Out and about, that's what she needed to be doing. Jennie didn't have the excuse of muscle aches anymore, and while she still didn't look completely human, it was better than what she was at the beginning of the week. And as she had been assured, no one cared what she looked like anyway. Which only served to make her feel like an overreacting twit.

After talking to her respective teachers, and collecting promises that she still would be able to graduate on time, she headed back up to the student wing. There was someone she needed to check on. Kyle seemed fine, on the surface anyway.
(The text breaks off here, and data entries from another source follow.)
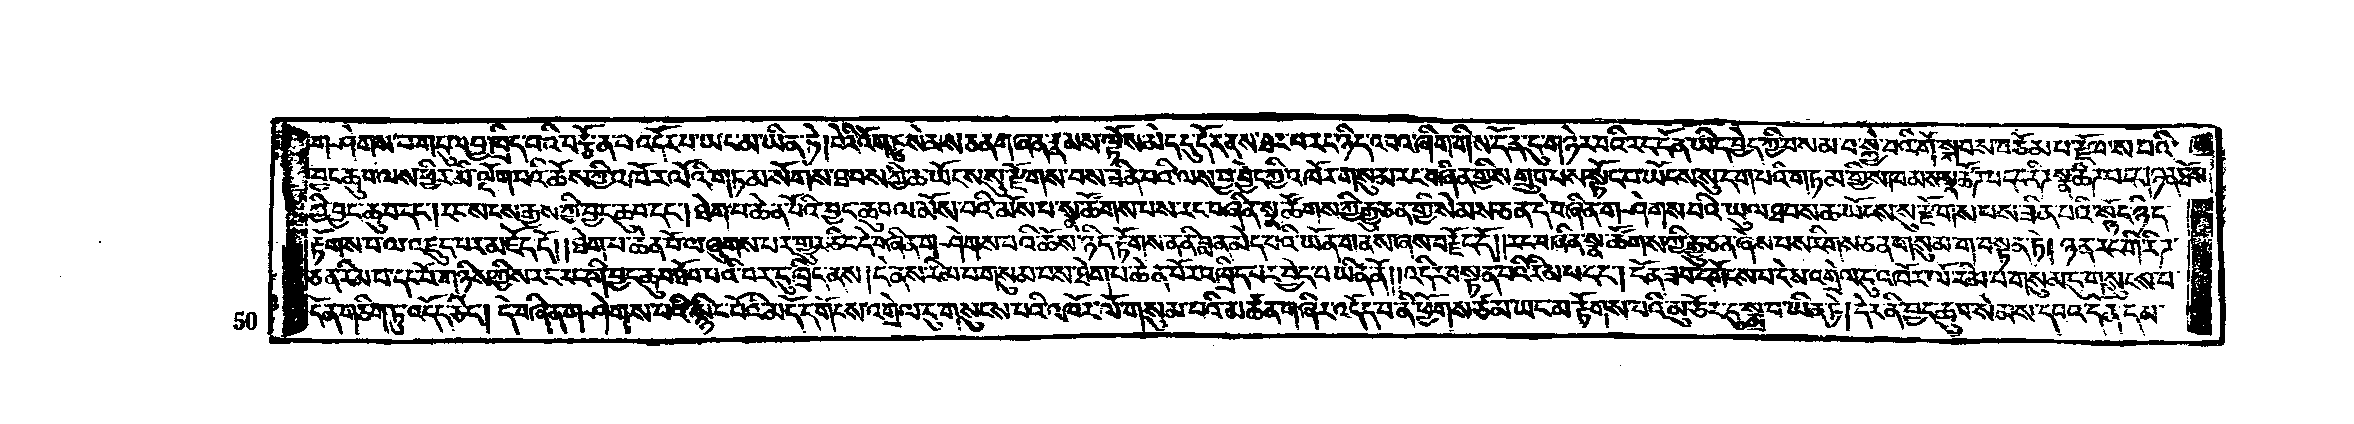གཤེགས་པ་གདུལ་བྱ་ཁྲིད་པའི་བརྩོན་པ་འདོར་པ་ཡང་མ་ཡིན་ཏེ། བེའི་འོག་ཏུ་སེམས་ཅན་གཞན་རྣམས་ལྟོས་མེད་དུ་དོར་ནས་ཐར་པ་རང་ཉིད་འབའ་ཞིག་གིས་དོན་དུ་གཉེར་བའི་རང་དོན་ཡིད་བྱེད་ཀྱི་བསམ་པ་སྐྱེ་བའི་གོ་སྐབས་བཅོམ་པ་རྫོགས་པའི་
བྱང་ཆུབ་ལས་ཕྱིར་མི་ལྡོག་པའི་ཆོས་ཀྱི་འཁོར་ལོའི་གཏམ་སོགས་ཐབས་ཀྱི་ཆ་ཡོངས་སུ་རྫོགས་པས་ཟིན་པའི་ལས་བྱ་བྱེད་ཀྱི་འཁོར་གསུམ་རང་བཞིན་གྱིས་གྲུབ་པས་སྟོང་པ་ཡོངས་སུ་དག་པའི་གཏམ་གྱིས་ཁམས་སྣ་ཚོགས་པ་དང་རིགས་སྣ་ཚོགས་པ་དང་། ཉན་ཐོས་
ཀྱི་བྱང་ཆུབ་དང་། རང་སངས་རྒྱས་ཀྱི་བྱང་ཆུབ་དང་། ཐེག་པ་ཆེན་པོའི་བྱང་ཆུབ་ལ་མོས་པའི་མོས་པ་སྣ་ཚོགས་པས་རང་བཞིན་སྣ་ཚོགས་ཀྱི་རྒྱུ་ཅན་གྱི་སེམས་ཅན་དེ་བཞིན་གཤེགས་པའི་ཡུལ་ཐབས་ཆ་ཡོངས་སུ་རྫོགས་པས་ཟིན་པའི་སྟོང་ཉིད་
རྟོགས་པ་ལ་འཛུད་པར་མཛོད་དོ། །ཐེག་པ་ཆེན་པོ་ལ་ཞུགས་པར་གྱུར་ཅིང་དེ་བཞིན་གཤེགས་པའི་ཆོས་ཉིད་རྟོགས་ན་ནི་བླ་ན་མེད་པའི་ཡོན་གནས་ཞེས་བརྗོད་དོ། །རང་བཞིན་སྣ་ཚོགས་ཀྱི་རྒྱུ་ཅན་ཞེས་པས་རིགས་ཅན་གསུམ་ག་བསྟན་ཏེ། ཉན་རང་གི་རིགས་
ཅན་རིམ་པ་དང་པོ་གཉིས་ཀྱིས་རང་རང་གི་བྱང་ཆུབ་ཐོབ་པའི་བར་དུ་ཁྲིད་ནས། དེ་ནས་རིམ་པ་གསུམ་པས་ཐེག་པ་ཆེན་པོར་འཁྲིད་པར་བྱེད་པ་ཡིན་ནོ། །འདིར་བསྟན་པའི་རིམ་པ་དང་། དོན་ཟབ་དགོངས་པ་ངེས་འགྲེལ་དུ་འཁོར་ལོ་རིམ་པ་གསུམ་དུ་གསུངས་པ་
དོན་གཅིག་ཏུ་འདོད་ཅིང་། དེ་བཞིན་གཤེགས་པའི་སྙིང་པོའི་མདོ་དགོངས་འགྲེལ་དུ་གསུངས་པའི་འཁོར་ལོ་གསུམ་པའི་མཚན་གཞིར་འདོད་པ་ནི་ཕྱོགས་ཙམ་ཡང་མ་རྟོགས་པའི་མུ་ཅོར་དུ་སྨྲ་བ་ཡིན་ཏེ། དེར་ནི་བྱང་ཆུབ་སེམས་དཔའ་དོན་དམ་
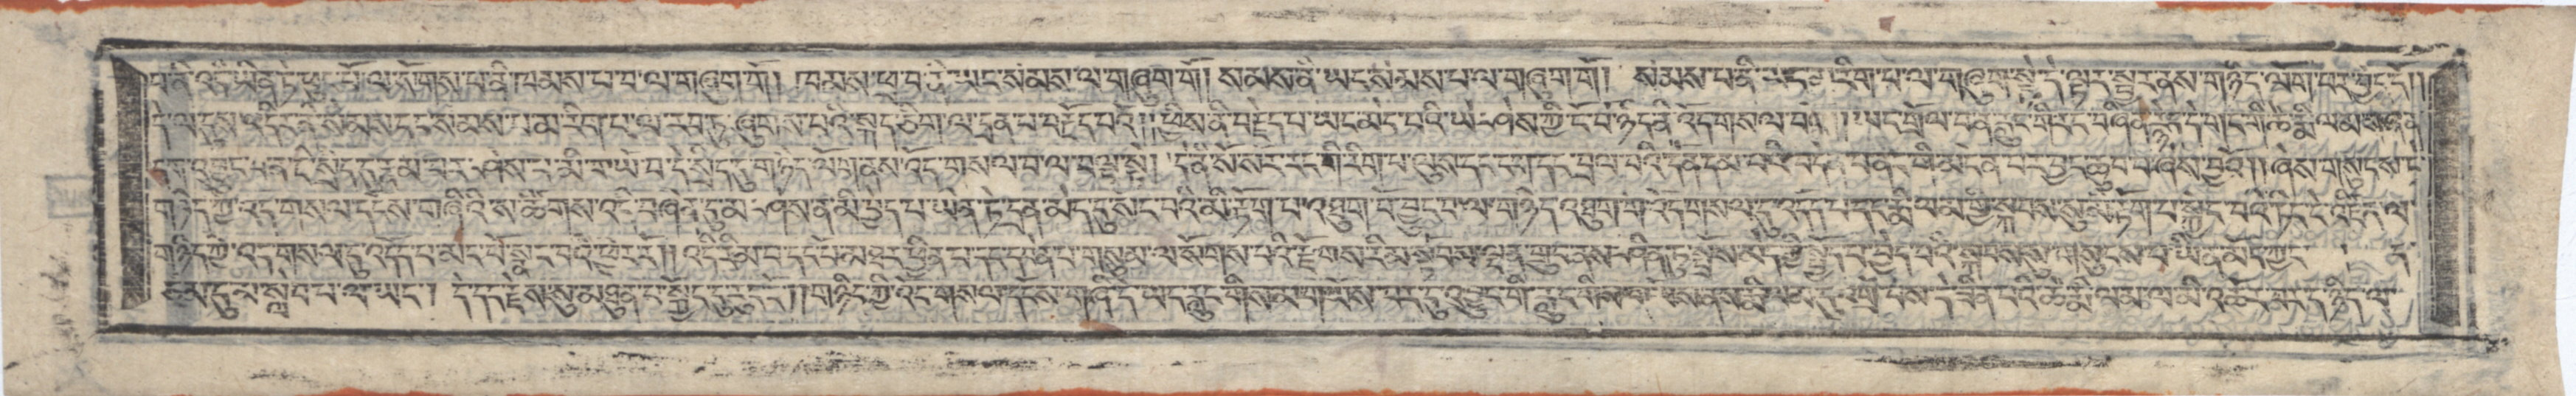པ་ནི་འདི་ཡིན་ཏེ་ཕུང་པོ་ལ་སོགས་པ་ནི་ཁམས་ཕྲ་བ་ལ་གཞུག་གོ། ཁམས་ཕྲ་བ་ནི་ཡང་སེམས་ལ་གཞུག་གོ །སེམས་ནི་ཡང་སེམས་པ་ལ་གཞུག་གོ། སེམས་པ་ནི་ཡང་མ་རིག་པ་ལ་གཞུག་སྟེ་དེ་ལྟར་སྦྱར་ནས་གཉིད་ལོག་པར་བྱེད་དོ། །
དེ་ལ་དུས་འདིར་ནི་སེམས་དང་སེམས་པ་མ་རིག་པ་ལ་རབ་ཏུ་ཞུགས་པའི་སྐད་ཅིག་ལ་དྲན་པ་བརྗོད་པའོ། །ཕྱིས་ནི་བརྗོད་པ་ཡང་མེད་པའི་ཡེ་ཤེས་ཀྱི་ངོ་བོ་ཉིད་ནི་འོད་གསལ་པའོ། །ཡང་གྲོལ་བ་ན་རླུང་གི་རང་བཞིན་རྙེད་དེ་གང་གི་ཚེ་རྨི་ལམ་གཞན་
དག་འབྱུང་བ་ན་ཇི་སྲིད་དུ་རྣམ་པར་ཤེས་པ་མི་གཡོ་བ་དེ་སྲིད་དུ་གཉིད་ལོག་ནས་འོད་གསལ་བ་ལ་བལྟ་སྟེ། དེ་ནི་སོ་སོར་རང་གི་རིག་པ་ལུས་དང་ངག་དང་བྲལ་བའི་དོན་དམ་པའི་བདེན་པ་ནང་གི་མངོན་པར་བྱང་ཆུབ་པ་ཞེས་བྱའོ། །ཞེས་གསུངས་ཏེ་
གཉིད་ཀྱི་འོད་གསལ་དངོས་གཞིའི་ས་ཚོགས་འདི་བཞིན་དུ་མ་ཤེས་ན་མི་བྱེད་པ་ཡིན་ཏེ་དྲན་མེད་དུ་སོང་བའི་མི་རྟོག་པ་འཐུག་པོ་བྱུང་བ་ལ་གཉིད་འཐུག་གི་འོད་གསལ་དུ་འདོད་པ་དང་རྨི་ལམ་གྱི་སྐབས་སུ་མི་རྟོག་པ་སྐྱོང་བའི་ཏིང་ངེ་འཛིན་ལ་
གཉིད་ཀྱི་འོད་གསལ་དུ་འདོད་པ་མང་པོ་སྣང་བའི་ཕྱིར་རོ། །འདི་རིམ་པ་དང་པོ་མཐར་ཕྱིན་པ་དང་དབེན་པ་གསུམ་ལ་སོགས་པའི་རྫོགས་རིམ་སྟོབས་ལྡན་གྲུབ་ནས་ཤིན་ཏུ་སྤྲོས་མེད་ཀྱི་སྤྱོད་པ་བྱེད་པའི་སྐབས་སུ་གསུངས་པ་ཡིན་མོད་ཀྱང་། དེ་
ཙམ་དུ་མ་སླེབ་པ་ལ་ཡང་། དེ་དང་རྗེས་སུ་མཐུན་པ་སྐྱོང་དུ་རུང་ངོ། །གཉིད་ཀྱི་འོད་གསལ་དངོས་གཞི་དེ་ཡང་རླུང་གིས་མ་གཡོས་བར་དུ་འབྱུང་གི་རླུང་གིས་གཡོས་ནས་རྨི་ལམ་དུ་འགྲོ་བས་དེ་ཟིན་པའི་ཚེ་རྨི་ལམ་ལ་མི་འཚོར་བར་ད་ཉིད་ལ་

And Jennie wanted to give it a bit of distance before she tried to talk to him in person, because the alpha thing was still upsetting. That left Marius, whom she hadn't seen or spoken to all week.

Kyle's roommate let her into the boy's suite with a nod, and then disappeared back into his own room. Jennie went to the door across the room and tentatively knocked. "Marius? It's me."

"Enter." The door opened to reveal Marius in the process of depositing the last of some errant laundry into his hamper. He straightened at her entrance, hair shifting across his face. With the exception of the shadows beneath them he was back to normal, which he expected was the least sort of benefit he should be getting out of a system made to process changes. Jennie, he observed, did not appear to be going at quite at the same speed.

"Mornin'," he said, stepping away from the hamper. "How've you been bearin' up, then?"

Jennie gave him an elaborate shrug. "As well as I can, I guess. Glad to see some progress at least." As she had noted in the mirror that morning, her eyes were now a strange light green instead of yellow, which meant the blue was starting to creep back. The claws were also noticeably less pointy. She'd had to lock herself in the bathroom and have a very small moment from relief.

"You? You've been awful quiet," she shut the door behind her.

Marius turned to his desk to stack some of the loose notes. "Talked to the prof a bit, as one does in times of trauma. An' of course the various concerned staff, or at least in as many as they've ascertained amongst themselves would be perceived as friendly concern rather than smothering. Not sure as I feel comfortable with the concept of outsider therapy, kind as the offer was. I contend the mysterious workings of my mind should be allowed to remain as mysterious as possible." He lifted an apple from his desk to inspect it for a moment. It spun as he flipped it underhand into the air and, just as quickly, snatched it back down again. "I have, quite literally, been receivin' one of these a day. Or the suite's counter, that is. It is convenient. Bein' quite the contested fruit in this flat it has drastically reduced the contention between Kyle an' myself."

"Yeah, better things to fight over at least." That so didn't answer her question. "Good to see that they're looking after you guys, though. I think I've scared the teen girl squad off what with my repeated insistence on being left alone. At least until the twitchiness goes away." Jennie stepped a little further into the room and had to fight the urge to adjust his desk lamp. "But seriously, how are you? I promise to be honest if you are."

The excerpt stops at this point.